Groupes hierarchiques a 6 niveaux : la feature la plus complexe
Points clés : Construire un système de groupes hiérarchiques à 6 niveaux de profondeur avec 4 rôles, des requêtes récursives PostgreSQL (CTE), et 31 politiques RLS, c'est la feature la plus complexe de TAMSIV. Cet article couvre le modèle de données, l'héritage des permissions, le composant frontend HierarchicalGroupPicker, et les leçons apprises.
Il y a des features qui semblent simples sur le papier. "Ajoute des groupes" — ça a l'air innocent. Comme ajouter un panier dans une app e-commerce. Puis tu commences à creuser et tu réalises que tu viens d'ouvrir la boîte de Pandore.
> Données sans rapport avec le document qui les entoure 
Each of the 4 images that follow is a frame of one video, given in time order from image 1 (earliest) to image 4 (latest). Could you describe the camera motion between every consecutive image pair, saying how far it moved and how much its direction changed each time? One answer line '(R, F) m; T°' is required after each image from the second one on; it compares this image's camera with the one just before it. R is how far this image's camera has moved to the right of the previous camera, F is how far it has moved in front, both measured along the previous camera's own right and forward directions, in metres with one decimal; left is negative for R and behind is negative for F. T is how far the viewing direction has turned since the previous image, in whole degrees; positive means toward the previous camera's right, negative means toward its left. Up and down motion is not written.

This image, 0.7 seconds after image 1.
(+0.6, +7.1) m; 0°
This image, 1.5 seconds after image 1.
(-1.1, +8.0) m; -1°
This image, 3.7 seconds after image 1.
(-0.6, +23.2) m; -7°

TAMSIV supporte des groupes hiérarchiques jusqu'à 6 niveaux de profondeur. Mon club de plongée a été le cas d'usage parfait : Club → Commission Technique → Niveau 1 → Groupe du mardi. Une famille utilise : Famille → Maison → Cuisine / Jardin / Garage. Une PME : Entreprise → Département → Équipe → Projet.
C'est la feature qui m'a pris le plus de temps. C'est aussi celle qui rend TAMSIV utilisable pour des organisations réelles, pas juste pour un usage solo.
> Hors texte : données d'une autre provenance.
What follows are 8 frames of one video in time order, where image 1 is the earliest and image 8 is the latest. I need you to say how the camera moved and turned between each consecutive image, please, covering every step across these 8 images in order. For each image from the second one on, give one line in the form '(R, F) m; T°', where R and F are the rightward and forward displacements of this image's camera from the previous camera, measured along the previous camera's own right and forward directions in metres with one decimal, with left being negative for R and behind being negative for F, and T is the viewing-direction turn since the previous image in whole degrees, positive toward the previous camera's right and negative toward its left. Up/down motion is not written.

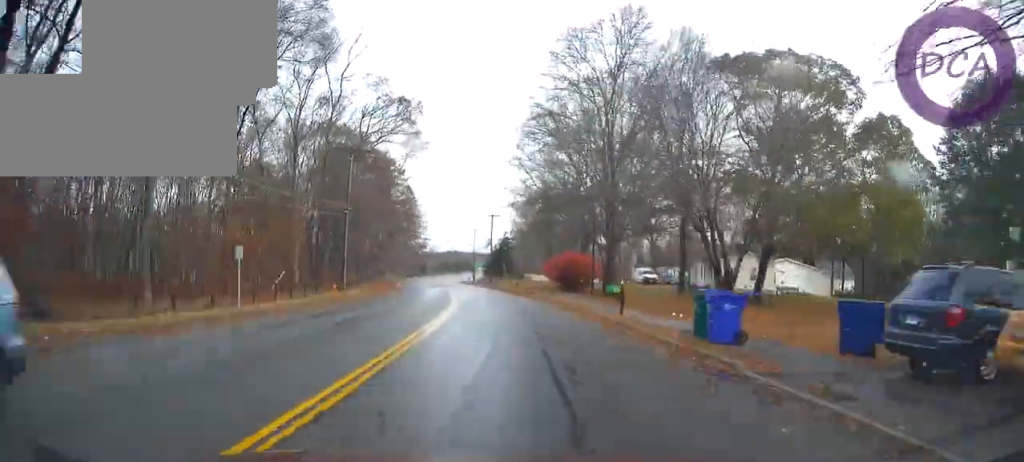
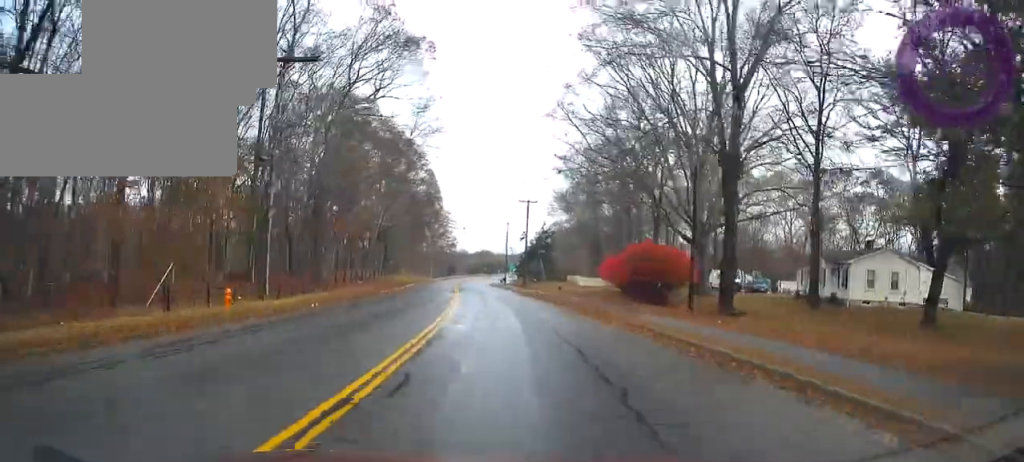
(-0.6, +20.0) m; -4°
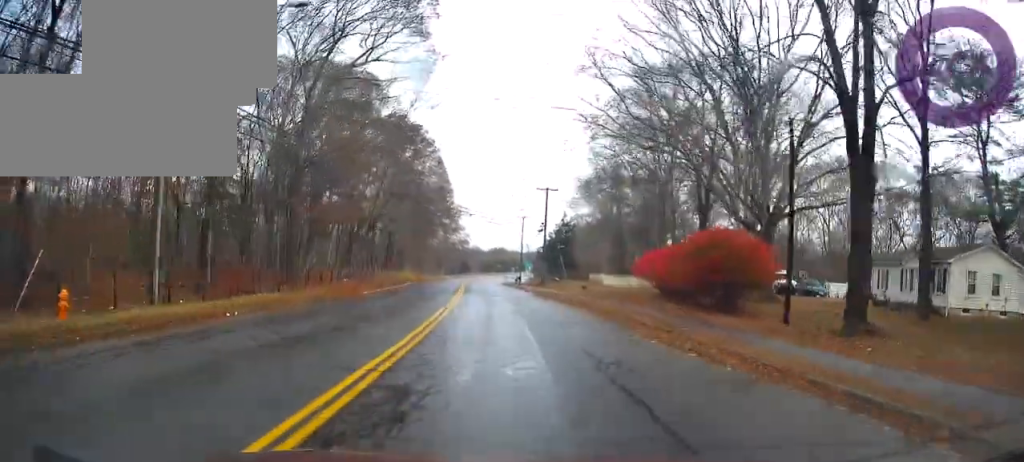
(-0.4, +10.2) m; -2°
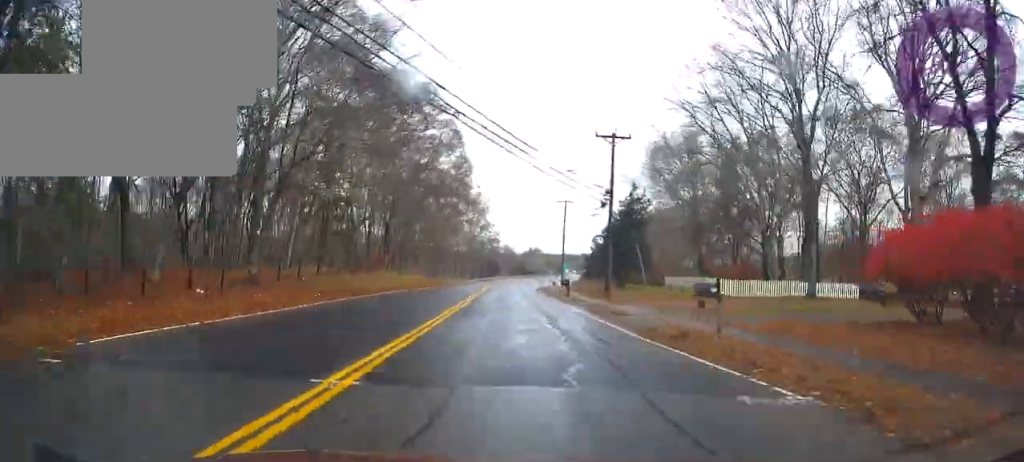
(-1.1, +28.4) m; -4°
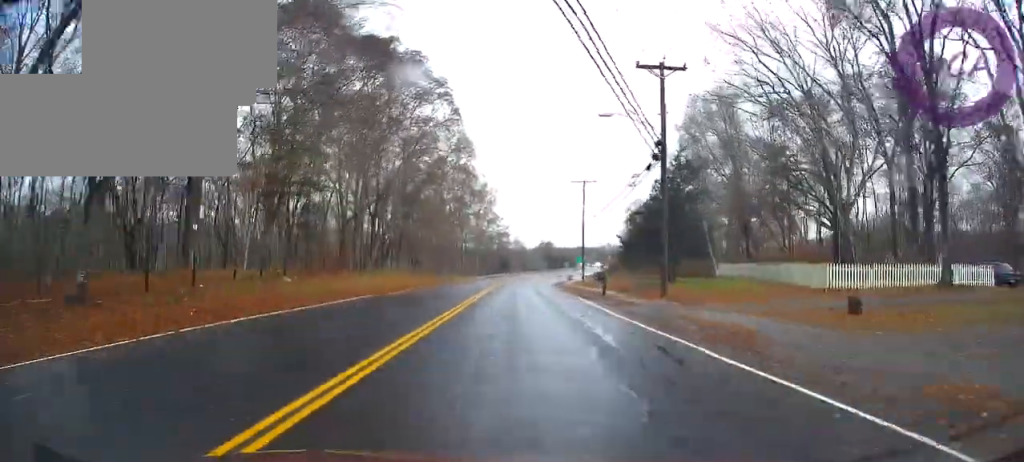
(-0.2, +14.1) m; -1°
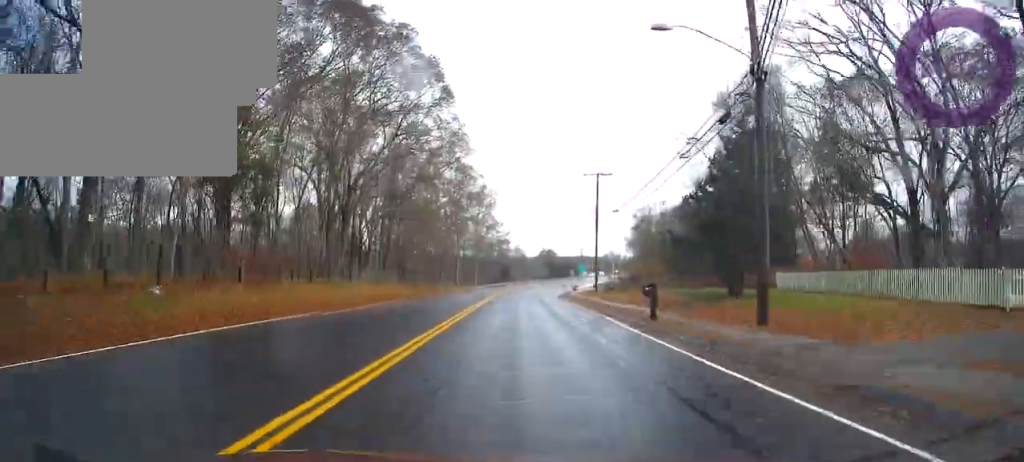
(-0.1, +13.1) m; 0°
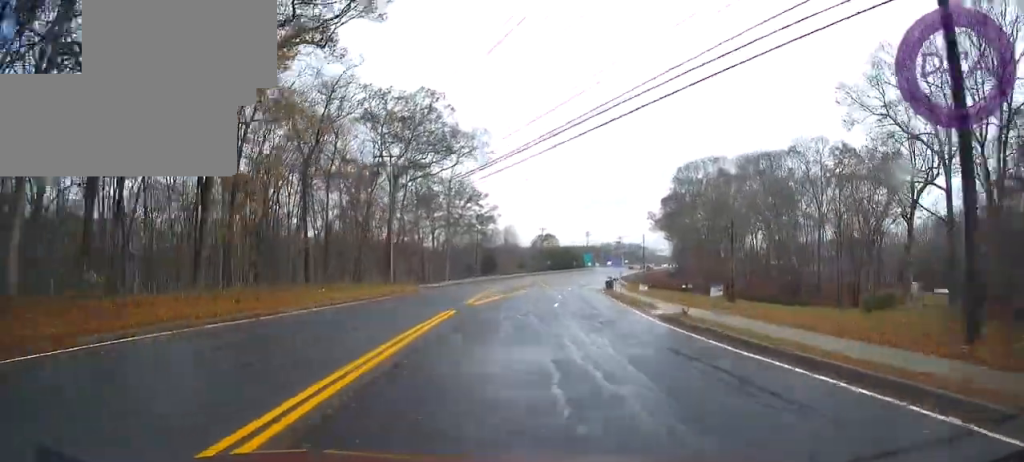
(+0.5, +59.0) m; +2°
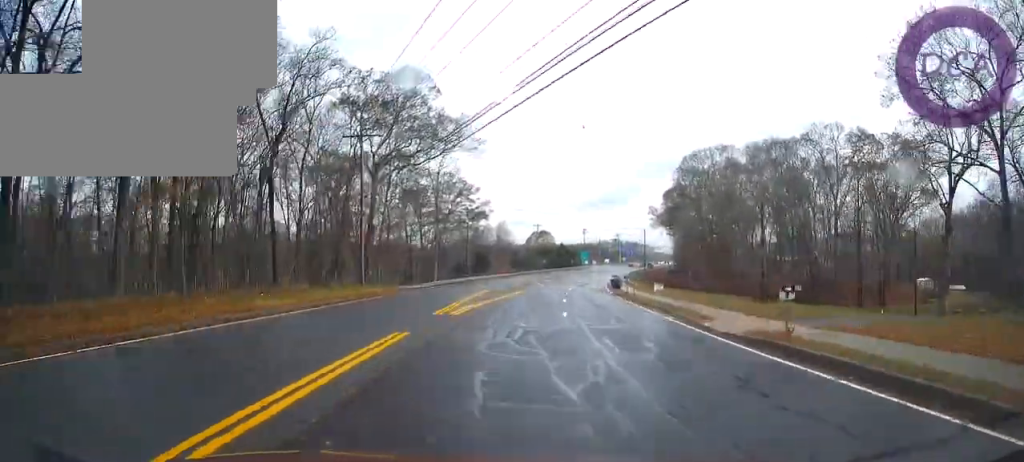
(0.0, +8.8) m; +1°

Comment modéliser des groupes hiérarchiques en PostgreSQL ?
Le modèle de données repose sur un concept simple : chaque groupe a un parent_id qui pointe vers son groupe parent. Un groupe racine a parent_id = NULL.
-- Table simplifiee
CREATE TABLE collaborative.groups (
id UUID PRIMARY KEY DEFAULT gen_random_uuid(),
name TEXT NOT NULL,
parent_id UUID REFERENCES collaborative.groups(id),
created_by UUID REFERENCES auth.users(id),
depth INTEGER DEFAULT 0,
created_at TIMESTAMPTZ DEFAULT now()
);
Pour afficher l'arbre complet d'un groupe, j'utilise des requêtes récursives (Common Table Expressions, ou CTE) en PostgreSQL :
WITH RECURSIVE group_tree AS (
-- Base : le groupe racine
SELECT id, name, parent_id, 0 AS depth
FROM collaborative.groups
WHERE id = p_group_id
UNION ALL
-- Recursion : les sous-groupes
SELECT g.id, g.name, g.parent_id, gt.depth + 1
FROM collaborative.groups g
JOIN group_tree gt ON g.parent_id = gt.id
WHERE gt.depth < 6 -- Garde-fou
)
SELECT * FROM group_tree;
La clause WHERE depth < 6 est un garde-fou critique. Sans elle, une erreur de données (un cycle de références par exemple) ferait tourner la requête en boucle infinie. Six niveaux couvrent tous les cas d'usage réels que j'ai rencontrés.
Ce modèle de données vit dans le schéma collaborative, séparé du reste — j'explique pourquoi dans l'article sur la structuration de la base de données.
Quels sont les quatre rôles et comment fonctionnent-ils ?
Chaque membre d'un groupe a un rôle qui détermine ses permissions :
- Admin — Tout faire : créer, modifier, supprimer, gérer les membres, inviter, modifier les paramètres du groupe. C'est le créateur du groupe par défaut.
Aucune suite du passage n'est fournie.